Import Vocabulary from Word Documents

This skill extracts Arabic vocabulary from .docx files and imports them into the flashcard system.

Workflow Overview

•Extract → Parse .docx with pandoc
•Generate → Create markdown file with extracted vocabulary
•Confirm → Ask user which words to import
•Import → Create cards via API
•Archive → Move files to processed/ folder

Step 1: Extract Text from Document

Use pandoc to convert the Word document to markdown:

bash

pandoc "path/to/document.docx" -t markdown

Step 2: Parse and Generate Markdown

From the extracted content, identify vocabulary entries and create a markdown file in the same directory as the source document.

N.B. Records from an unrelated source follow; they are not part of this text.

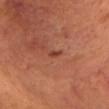notes = imaged on a skin check; not biopsied
tile lighting = cross-polarized illumination
subject = male, roughly 50 years of age
lesion diameter = ~1.5 mm (longest diameter)
image = ~15 mm tile from a whole-body skin photo
anatomic site = the head or neck

Filename pattern: {original_name}.vocab.md

Example: صفات.docx → صفات.vocab.md

Markdown format:

markdown

# Vocabulary: صفات (Adjectives)

Source: صفات.docx
Extracted: 2024-01-15
Category: Adjectives

## Words

| # | Arabic | English | Notes | Import |
|---|--------|---------|-------|--------|
| 1 | جديد / جديدة | new | masc/fem | ✓ |
| 2 | قديم / قديمة | old | masc/fem | ✓ |
| 3 | ثقيل / ثقيلة | heavy | masc/fem | ✓ |
| 4 | خفيف / خفيفة | light | masc/fem | ✓ |

## Summary

- Total words found: 12
- Ready to import: 12
- Skipped: 0

Parsing rules:

•Strip {dir="rtl"} markers from Arabic text
•Ignore image references like ![...](media/...)
•Skip exercise blanks (____), instructions, non-vocabulary content
•Handle masculine/feminine pairs: "جديد- جديدة" → "جديد / جديدة"
•Preserve Arabic diacritics (tashkeel)

Step 3: Ask for Confirmation

Present the generated markdown to the user and ask:

code

I've extracted 12 vocabulary items from "صفات.docx"

Category detected: Adjectives (صفات)
Target deck: [New deck "Adjectives (صفات)" / Existing deck "..."]

Preview:
1. جديد / جديدة - new
2. قديم / قديمة - old
3. ثقيل / ثقيلة - heavy
...

Would you like to:
- Import all words
- Review the full list in صفات.vocab.md first
- Skip certain words (specify which)

Step 4: Check/Create Deck

Check existing decks:

bash

curl -s http://localhost:3001/api/decks

Determine deck:

•
Check filename for category hints:
- •"صفات" = Adjectives
- •"أسماء" = Nouns
- •"أفعال" = Verbs
- •"definite article" = Grammar
•Match against existing deck names
•If no match: create new deck or use "Import YYYY-MM-DD"

Create new deck (if needed):

bash

curl -X POST "http://localhost:3000/api/decks" \
  -H "Content-Type: application/json" \
  -d '{"name": "Adjectives (صفات)", "description": "Imported from صفات.docx"}'

Step 5: Import Cards via API

bash

curl -X POST "http://localhost:3000/api/decks/{deck_id}/cards" \
  -H "Content-Type: application/json" \
  -d '[
    {"front": "جديد / جديدة", "back": "new", "notes": "masc/fem"},
    {"front": "قديم / قديمة", "back": "old", "notes": "masc/fem"}
  ]'

Step 6: Archive to Processed Folder

After successful import, move both files to a processed/ subfolder:

bash

# Create processed folder if it doesn't exist
mkdir -p "path/to/processed"

# Move the original docx
mv "path/to/document.docx" "path/to/processed/"

# Move the generated vocab markdown
mv "path/to/document.vocab.md" "path/to/processed/"

Folder structure after processing:

code

example-arabic-docs/
├── processed/
│   ├── صفات.docx
│   ├── صفات.vocab.md
│   ├── الأسماء.docx
│   └── الأسماء.vocab.md
└── new-document.docx  (not yet processed)

Step 7: Report Results

code

✓ Imported 12 cards to deck "Adjectives (صفات)" (ID: 5)

Files archived:
  → processed/صفات.docx
  → processed/صفات.vocab.md

View deck: http://localhost:3000/deck/5

Error Handling

•If dev server isn't running: prompt user to run npm run dev
•If API call fails: keep files in original location, report error
•If no vocabulary found: create empty .vocab.md noting "No vocabulary extracted"

Notes

•The .vocab.md files serve as a permanent record of what was extracted
•User can edit .vocab.md before confirming import if needed
•The processed/ folder makes it easy to see what's been imported
•WebSearch can be used to look up unclear translations